Want Some Insurance With That?

Some 25 years after the publication of Nicholas Negroponte’s seminal “Being Digital,” it feels trite to write about how digital capabilities and the expectations they create among customers have transformed even traditionally sleepy industries like insurance. Yet, the digital transformation of insurance is not a narrative of progressive evolution but rather a story of successive and disruptive waves. And we are on the cusp of a third one. 

The first wave saw insurers learn to exploit digital tools to sell directly to customers. Established players as well as a plethora of tech-first startups proved it was possible to sell insurance online to customers without the benefit of an agent. 

The second wave, still in flight, focuses on customer experience, bringing better and easier ways for insurers to process applications, serve customers and pay claims. These efforts have brought new efficiencies to an industry hyper-focused on cost while at the same time addressing the needs of consumers who expect immersive and contextualized digital interactions with all the businesses they patronize.

The third wave, in its infancy, focuses on ecosystems, that is the embedding of insurance within the value chains of other industries. An online world, dedicated to selling us cars, homes, travel experiences and financial services is now discovering the opportunity to bundle insurance with the goods and services they provide. Such bundling addresses customers at the moment of need, at the life event – a new home or car purchase, for example – which triggers the need for insurance protection. Insurance in such a model is, as the title and summary of this article suggest, like French fries, a digital side dish suggested as an add-on to the main course. In the years ahead, we will increasingly see more and more businesses ask the question, “Do you want insurance with that?”

Whose brand is it anyway?

Big Tech has done the spade work for this third wave of transformation. Well before COVID-19, customers were becoming increasingly receptive to the idea of buying insurance from Big Tech firms. And around 44% of the consumers we interviewed as part of Capgemini’s World Insurtech Report 2020 said they would consider coverage offered by Big Tech.

Policyholder willingness to purchase Big Tech coverage is on the rise

Sources: Capgemini Financial Services Analysis, 2020; Capgemini Voice of the Customer Survey ‒ 2016, 2018, and 2020; Capgemini Research Institute, Consumer Behavior Survey 2020.

The fact that Big Tech has earned and retained customers’ trust during various lifestyle interactions is the catalyst behind their increasing willingness to buy insurance, too.
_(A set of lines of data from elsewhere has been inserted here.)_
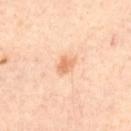Assessment: Recorded during total-body skin imaging; not selected for excision or biopsy. Acquisition and patient details: A patient aged 53 to 57. The recorded lesion diameter is about 2.5 mm. Located on the upper back. Imaged with cross-polarized lighting. A region of skin cropped from a whole-body photographic capture, roughly 15 mm wide.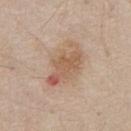No biopsy was performed on this lesion — it was imaged during a full skin examination and was not determined to be concerning. A roughly 15 mm field-of-view crop from a total-body skin photograph. Automated tile analysis of the lesion measured a symmetry-axis asymmetry near 0.3. And it measured border irregularity of about 5 on a 0–10 scale, a color-variation rating of about 5/10, and a peripheral color-asymmetry measure near 1. The software also gave an automated nevus-likeness rating near 55 out of 100. The tile uses white-light illumination. A male patient approximately 80 years of age. Located on the front of the torso. The lesion's longest dimension is about 5.5 mm.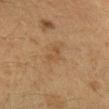{
  "biopsy_status": "not biopsied; imaged during a skin examination"
}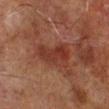Recorded during total-body skin imaging; not selected for excision or biopsy.
The lesion's longest dimension is about 5 mm.
Imaged with cross-polarized lighting.
A male patient, about 70 years old.
On the right lower leg.
A region of skin cropped from a whole-body photographic capture, roughly 15 mm wide.
Automated image analysis of the tile measured a border-irregularity rating of about 3.5/10 and a peripheral color-asymmetry measure near 1.5. The analysis additionally found a lesion-detection confidence of about 100/100.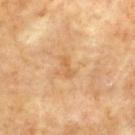Q: Was this lesion biopsied?
A: total-body-photography surveillance lesion; no biopsy
Q: Illumination type?
A: cross-polarized
Q: What is the lesion's diameter?
A: ≈2.5 mm
Q: What are the patient's age and sex?
A: about 60 years old
Q: Lesion location?
A: the upper back
Q: How was this image acquired?
A: 15 mm crop, total-body photography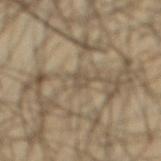Part of a total-body skin-imaging series; this lesion was reviewed on a skin check and was not flagged for biopsy.
Cropped from a total-body skin-imaging series; the visible field is about 15 mm.
The lesion is on the abdomen.
A male patient, about 40 years old.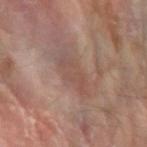* follow-up · catalogued during a skin exam; not biopsied
* subject · male, aged around 85 or older
* site · the left forearm
* imaging modality · total-body-photography crop, ~15 mm field of view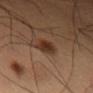Recorded during total-body skin imaging; not selected for excision or biopsy.
The lesion is on the left thigh.
A male patient, approximately 60 years of age.
Cropped from a total-body skin-imaging series; the visible field is about 15 mm.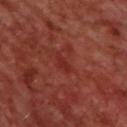On the upper back. The recorded lesion diameter is about 2.5 mm. Captured under cross-polarized illumination. The total-body-photography lesion software estimated a lesion area of about 3 mm², a shape eccentricity near 0.85, and a symmetry-axis asymmetry near 0.35. It also reported a within-lesion color-variation index near 0/10 and peripheral color asymmetry of about 0. And it measured a lesion-detection confidence of about 100/100. A male subject, aged 68–72. A close-up tile cropped from a whole-body skin photograph, about 15 mm across.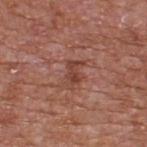follow-up: catalogued during a skin exam; not biopsied
illumination: white-light illumination
anatomic site: the upper back
image-analysis metrics: an eccentricity of roughly 0.8 and a symmetry-axis asymmetry near 0.4; a lesion color around L≈43 a*≈24 b*≈27 in CIELAB and a lesion-to-skin contrast of about 7 (normalized; higher = more distinct); a border-irregularity index near 5/10 and a color-variation rating of about 2/10
image: ~15 mm tile from a whole-body skin photo
subject: male, aged approximately 65
lesion size: ~3 mm (longest diameter)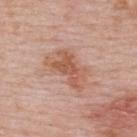| key | value |
|---|---|
| follow-up | total-body-photography surveillance lesion; no biopsy |
| lesion size | ~5.5 mm (longest diameter) |
| patient | female, in their 50s |
| illumination | white-light illumination |
| TBP lesion metrics | a shape eccentricity near 0.8 and two-axis asymmetry of about 0.3; an average lesion color of about L≈58 a*≈22 b*≈31 (CIELAB), a lesion–skin lightness drop of about 9, and a lesion-to-skin contrast of about 7 (normalized; higher = more distinct); an automated nevus-likeness rating near 20 out of 100 and a detector confidence of about 100 out of 100 that the crop contains a lesion |
| location | the back |
| imaging modality | total-body-photography crop, ~15 mm field of view |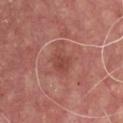Case summary:
• biopsy status — no biopsy performed (imaged during a skin exam)
• diameter — about 3 mm
• image source — total-body-photography crop, ~15 mm field of view
• patient — male, aged approximately 60
• location — the chest
• automated lesion analysis — a footprint of about 5.5 mm² and an outline eccentricity of about 0.7 (0 = round, 1 = elongated); a border-irregularity index near 3/10 and internal color variation of about 1.5 on a 0–10 scale; a nevus-likeness score of about 0/100
• lighting — white-light illumination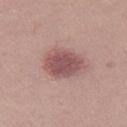Notes:
* biopsy status: catalogued during a skin exam; not biopsied
* anatomic site: the right thigh
* automated lesion analysis: a footprint of about 13 mm² and a shape eccentricity near 0.6; a border-irregularity rating of about 1.5/10, internal color variation of about 3 on a 0–10 scale, and a peripheral color-asymmetry measure near 1; a nevus-likeness score of about 85/100 and a detector confidence of about 100 out of 100 that the crop contains a lesion
* lighting: white-light
* patient: female, aged 18 to 22
* imaging modality: total-body-photography crop, ~15 mm field of view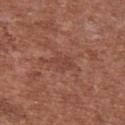workup = no biopsy performed (imaged during a skin exam); imaging modality = 15 mm crop, total-body photography; location = the chest; subject = male, aged 43–47.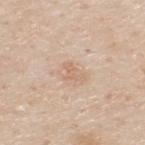Context:
Imaged with white-light lighting. Located on the upper back. The patient is a male roughly 80 years of age. A roughly 15 mm field-of-view crop from a total-body skin photograph. Measured at roughly 2.5 mm in maximum diameter.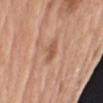Imaged during a routine full-body skin examination; the lesion was not biopsied and no histopathology is available. On the right upper arm. The total-body-photography lesion software estimated internal color variation of about 1.5 on a 0–10 scale and peripheral color asymmetry of about 0.5. And it measured an automated nevus-likeness rating near 0 out of 100 and a lesion-detection confidence of about 100/100. A female patient, approximately 75 years of age. The tile uses white-light illumination. The lesion's longest dimension is about 2.5 mm. A 15 mm close-up extracted from a 3D total-body photography capture.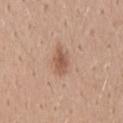Clinical impression: The lesion was photographed on a routine skin check and not biopsied; there is no pathology result. Clinical summary: A close-up tile cropped from a whole-body skin photograph, about 15 mm across. Automated tile analysis of the lesion measured an area of roughly 5 mm² and a symmetry-axis asymmetry near 0.25. The analysis additionally found border irregularity of about 3 on a 0–10 scale, a within-lesion color-variation index near 2/10, and peripheral color asymmetry of about 0.5. The lesion is located on the mid back. A male subject, about 40 years old.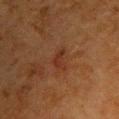Recorded during total-body skin imaging; not selected for excision or biopsy. The patient is a female in their mid-50s. The tile uses cross-polarized illumination. On the back. Cropped from a whole-body photographic skin survey; the tile spans about 15 mm.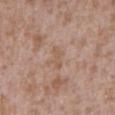Impression: Recorded during total-body skin imaging; not selected for excision or biopsy. Clinical summary: On the mid back. This image is a 15 mm lesion crop taken from a total-body photograph. A male patient, about 45 years old.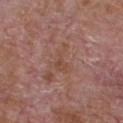* follow-up · total-body-photography surveillance lesion; no biopsy
* diameter · ~3.5 mm (longest diameter)
* lighting · white-light illumination
* acquisition · ~15 mm tile from a whole-body skin photo
* subject · male, aged 63–67
* anatomic site · the front of the torso
* automated lesion analysis · a classifier nevus-likeness of about 0/100 and a lesion-detection confidence of about 95/100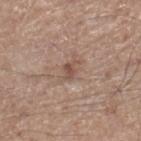Acquisition and patient details: A male patient roughly 65 years of age. The lesion is on the right lower leg. A 15 mm crop from a total-body photograph taken for skin-cancer surveillance. Imaged with white-light lighting. The lesion's longest dimension is about 2.5 mm.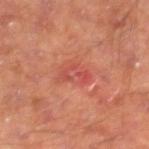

Customers say they can count on tech giants for stellar digital experience, intuitive services and real-time response. 

So far, Big Tech has been making slow, yet deliberate, inroads into the insurance space. Google subsidiary Verily announced plans in August 2020 for its own insurance company (backed by the commercial insurance unit of Swiss Re Group) to provide tech-driven employer health insurance plans. Verily has also made a health-tracking smartwatch for research use. Amazon invested in Acko Insurance to offer auto coverage via the India-based startup’s platform. Big Tech firms are also integrating existing products (Apple Watch or Amazon Alexa) into the insurance value chain or developing convenient and time- and money-saving offerings that appeal to a broad range of policyholders.

These findings with respect to Big Tech are consistent, of course, across industries. The erosion of traditional brands in favor of new digital ones has occurred in every sector.

See also: Pioneering Use Cases for IoT in Insurance

Equally important is the extent to which the willingness to buy from Big Tech extends to a broader ecosystem of digital-first businesses. Disruptive industry-specific players, most notably in automotive, are as big a change agent as Big Tech. Buying car insurance from Carvana, home insurance from Zillow or small business insurance from Quickbooks makes all the sense in the world, particularly when these digital behemoths demonstrate the power to use data to make the right offer at the right time at the right price. 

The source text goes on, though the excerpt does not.